The key to coding a “professional grade” model is capturing the correlations between the different states. Calculating the correlations is easy, it only takes a spreadsheet or a calculator and some patience. Producing random variables that follow these correlations — every swing state outcome is correlated with and therefore constrained by every other swing state — is trickier. Thankfully, Chat GPT4 is a totally awesome tool if you sort of know what you are doing. Even betterm it is amazingly good at linear algebra. It suggested code that can factor the correlation matrix into a Cholesky decomposition lickity split. Multiply this matrix by a vector of normally distributed variables and, voila, you can simulate state results in a way that builds in 45 separate correlations.

I calibrated my model so that Harris’s share of the two-party “national” vote has a standard deviation of 1.62% and her share of the two-party vote in Pennsylvania and Georgia have mean standard deviations of 3%. This translates to basically a 3.44% standard deviation in Harris’ popular vote margin and 6% standard deviation in her margin in Pennsylvania/Georgia. My experience suggests I should use somewhat smaller variances on election day, perhaps vote share standard deviations of 1.5% and 2.5%, respectively. Intriguing, because Harris is somewhat ahead in the polls and has far more plausible paths to victory than Trump, the choice of standard deviation doesn’t affect the final result much. This will change if either candidate opens a significant lead, in which case greater variance would constrain the front runner’s win probability,

Right now, my model gives Harris a 58.4% chance of winning the electoral college.

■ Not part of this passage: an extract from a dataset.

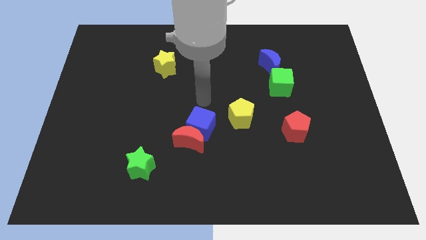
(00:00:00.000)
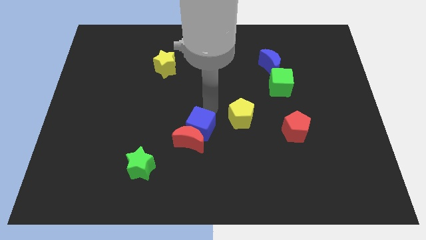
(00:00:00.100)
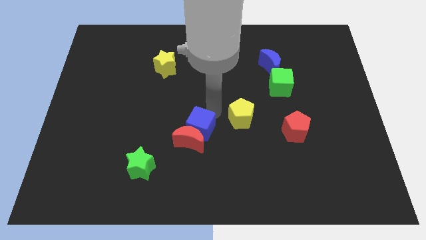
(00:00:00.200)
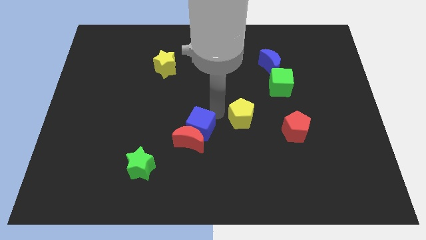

Anyway, the best thing about having my own “professional grade” model is I can test different scenarios. Nine times out of ten, I convince myself that Nate Silver is basically right. However, I have a lot more confidence in his predictions having done the work myself.

I’m making my code public so anyone with a C++ compiler can try different scenarios for themselvs. My model assumes Harris will win every state bluer than Minnesota and that Trump will win every state redder than Texas. Texas is the tipping point state only 0.1% of the time, so the odds that Virginia or Missouri ends up tipping the election are miniscule. I also assume that the Nebraska 2nd congressional district shows the same variance patterns as Minnesota.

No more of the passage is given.